* [DIRECTIONS FOR THIS TASK]: Drop the images; return everything else in the listing below exactly.

* [INFORMATION PROVIDED]:

BEGIN

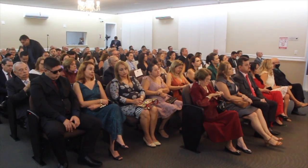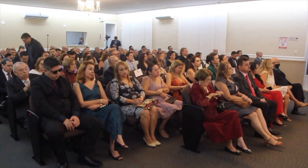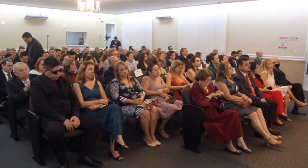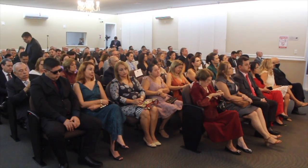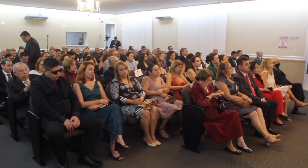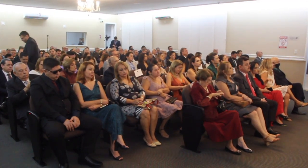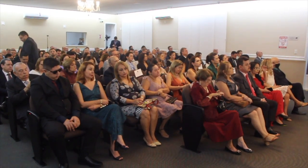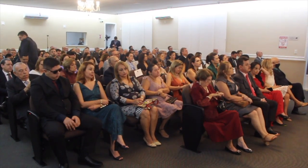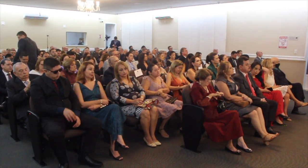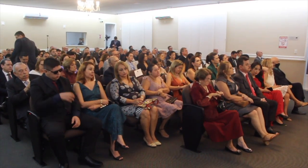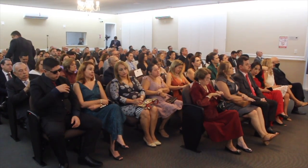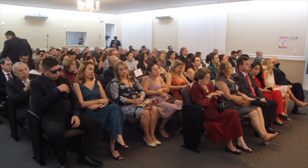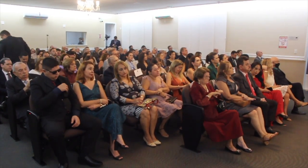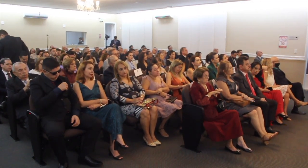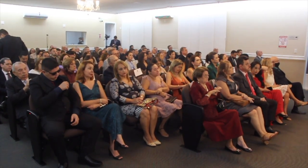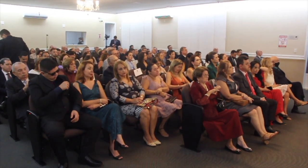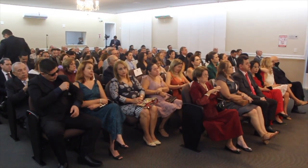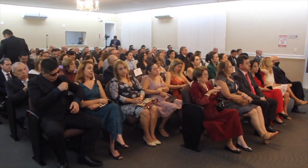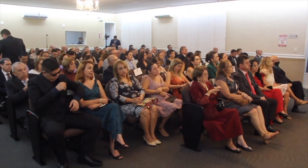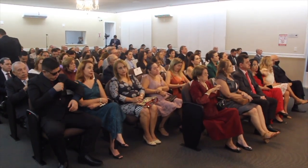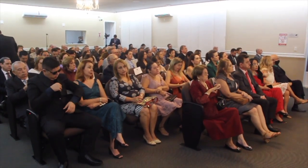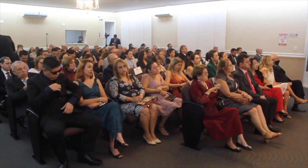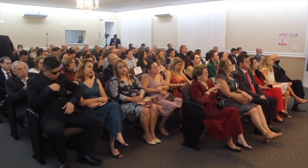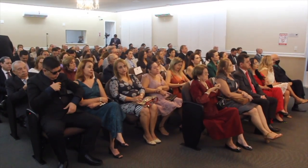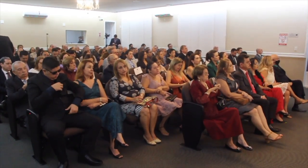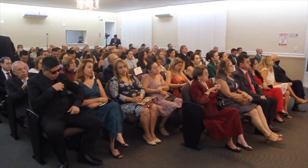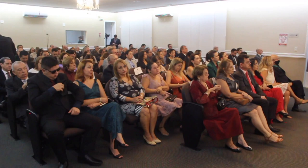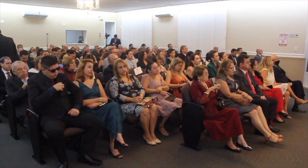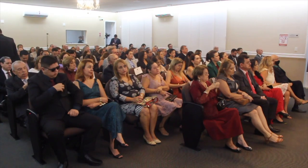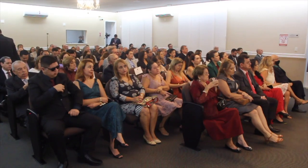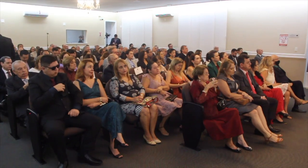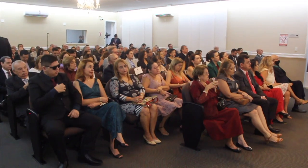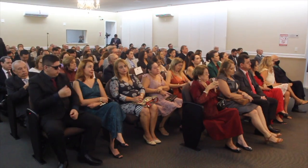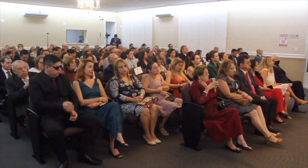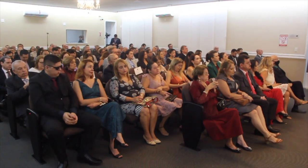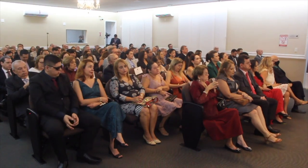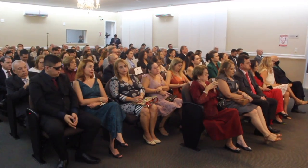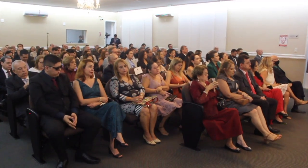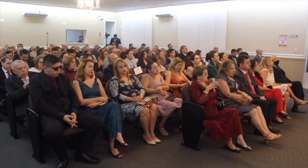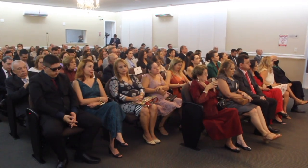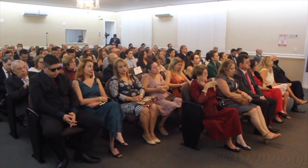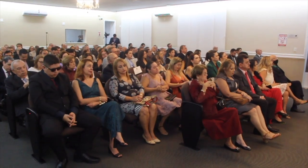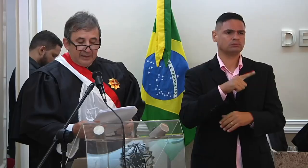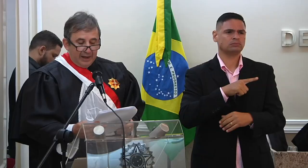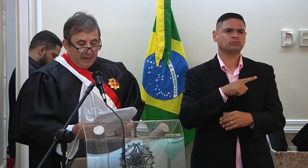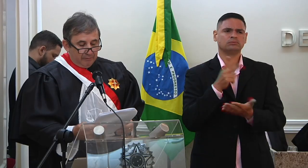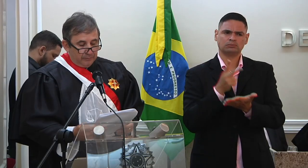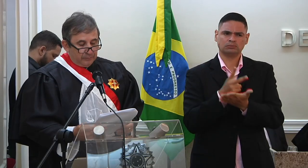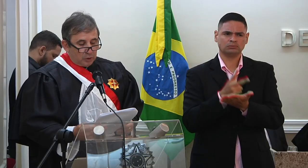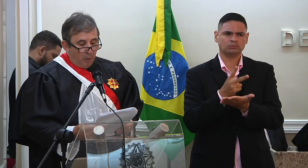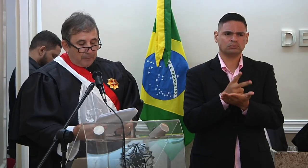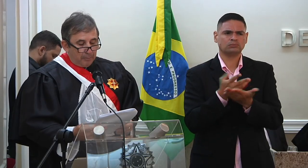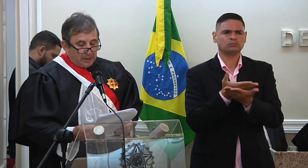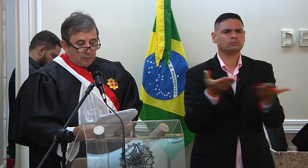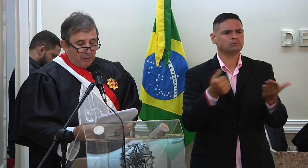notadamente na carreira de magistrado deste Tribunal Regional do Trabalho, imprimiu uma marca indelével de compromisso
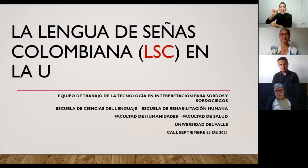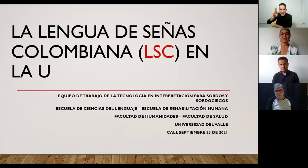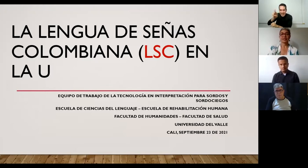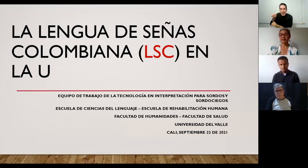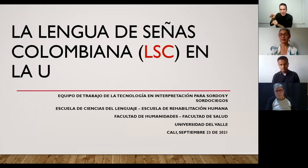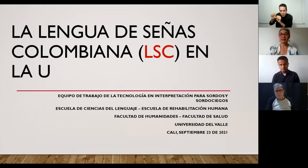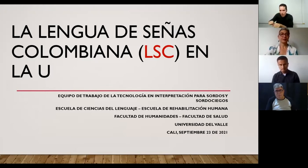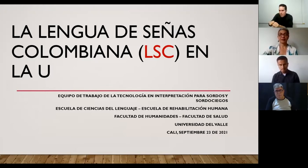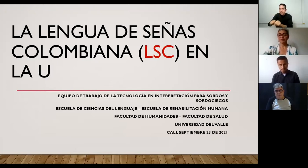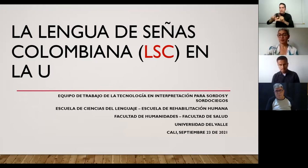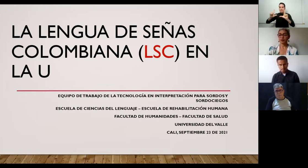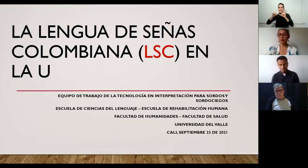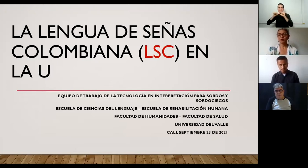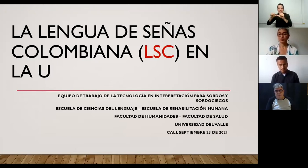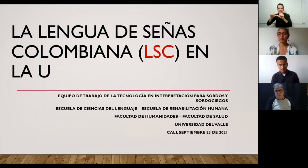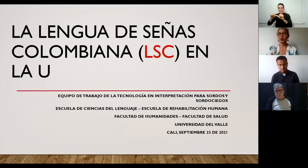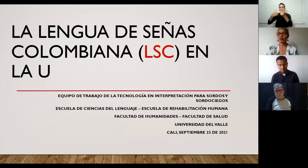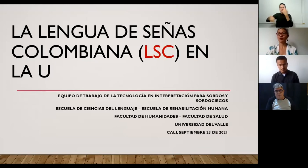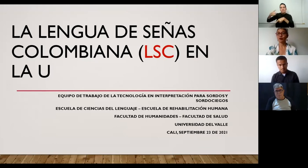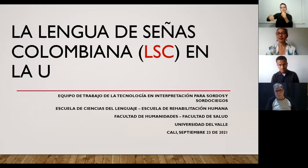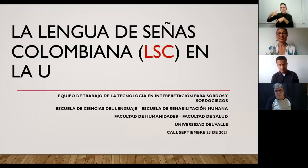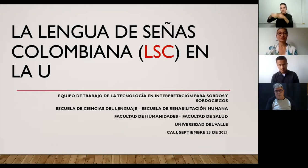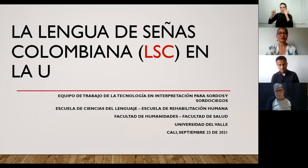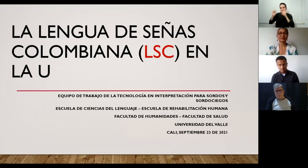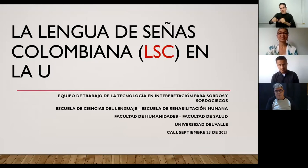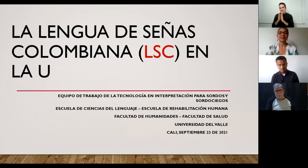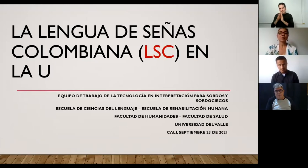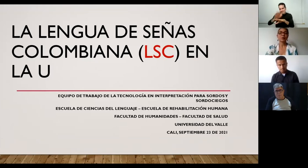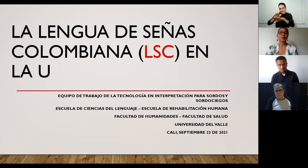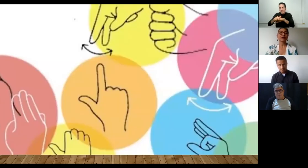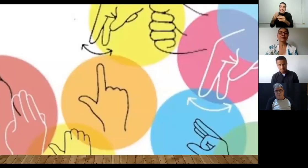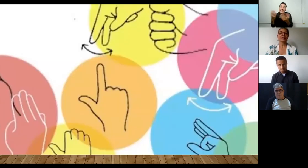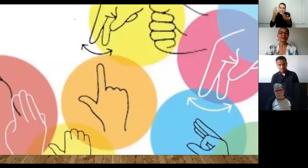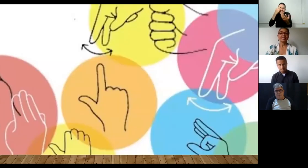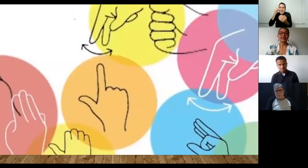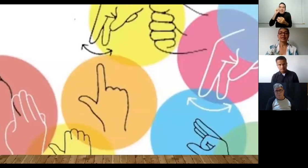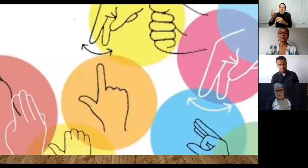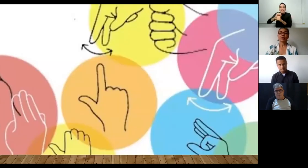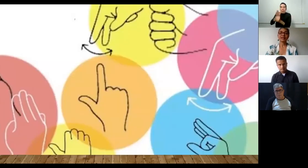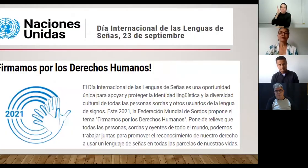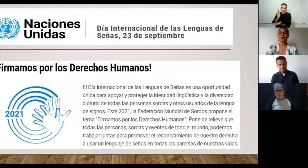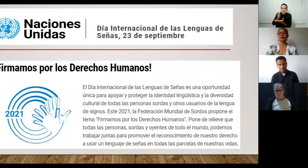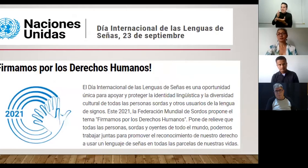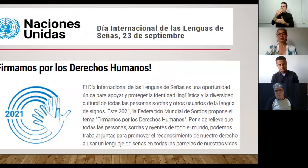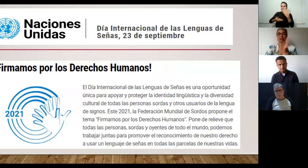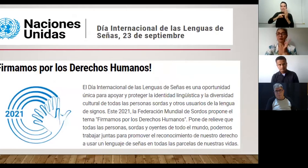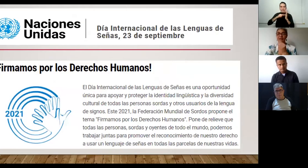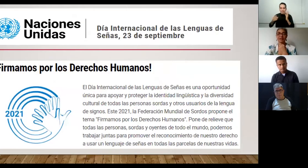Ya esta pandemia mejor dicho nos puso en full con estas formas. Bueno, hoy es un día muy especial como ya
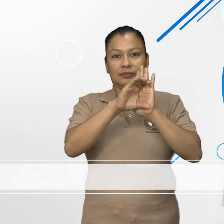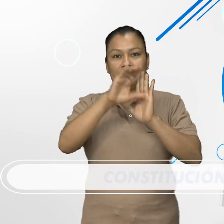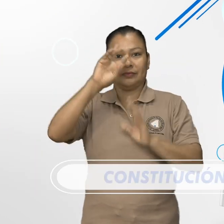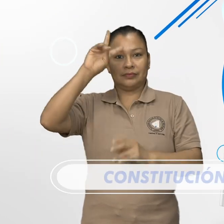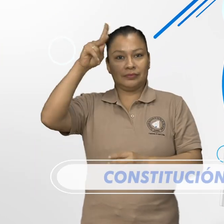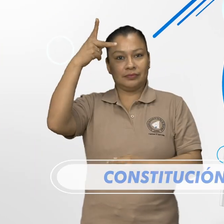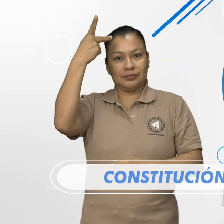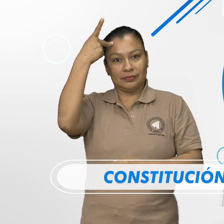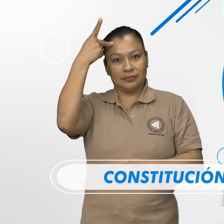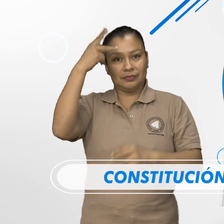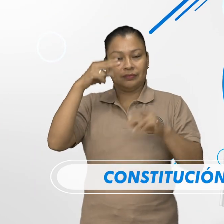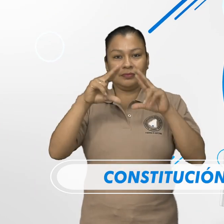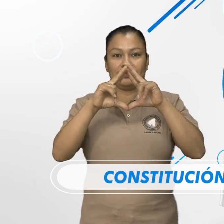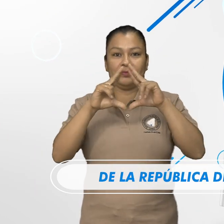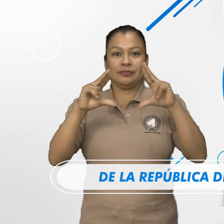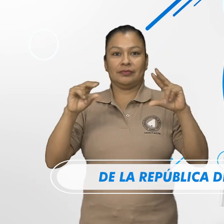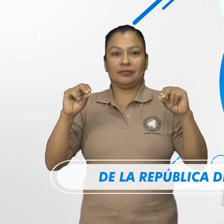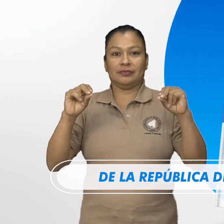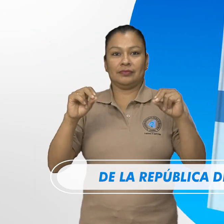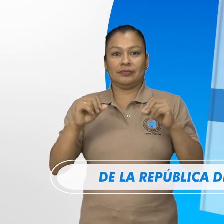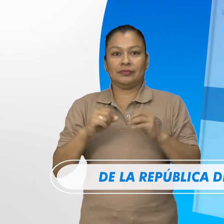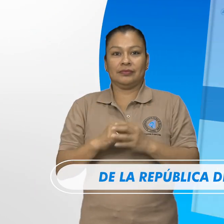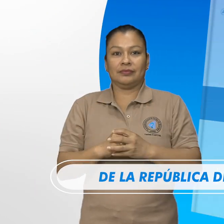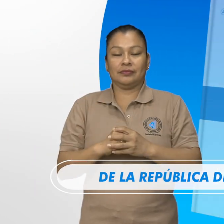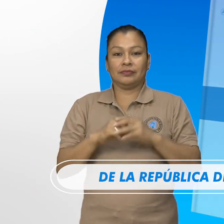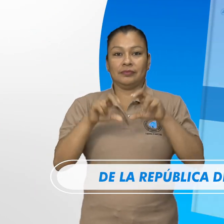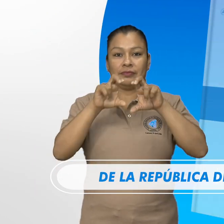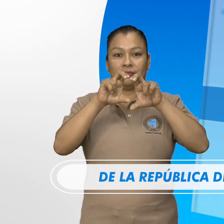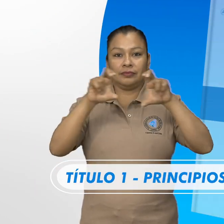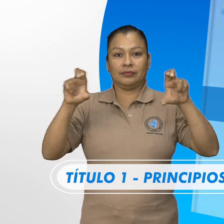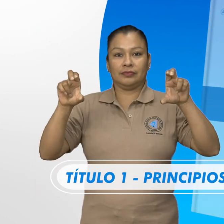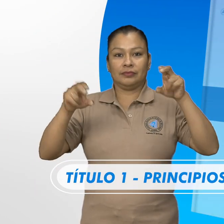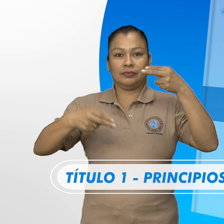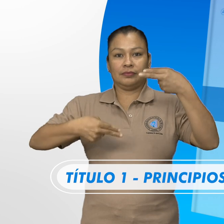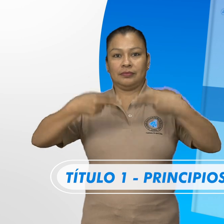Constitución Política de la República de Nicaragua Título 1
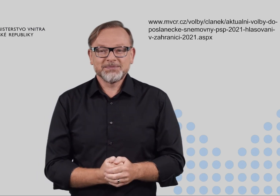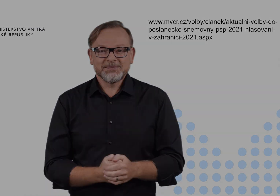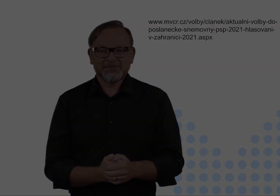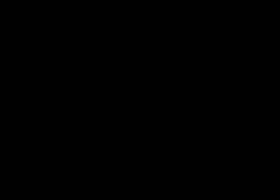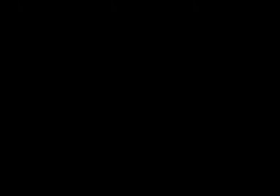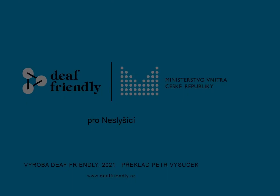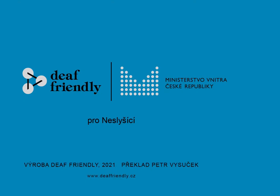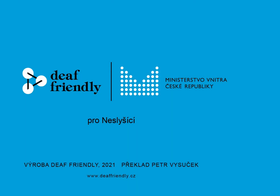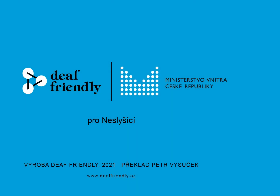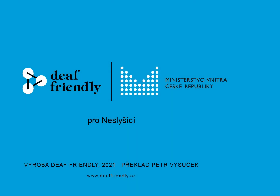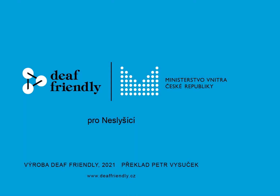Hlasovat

END

* [ANSWER]:
notadamente na carreira de magistrado deste Tribunal Regional do Trabalho, imprimiu uma marca indelével de compromisso
Ya esta pandemia mejor dicho nos puso en full con estas formas. Bueno, hoy es un día muy especial como ya
Constitución Política de la República de Nicaragua Título 1
Hlasovat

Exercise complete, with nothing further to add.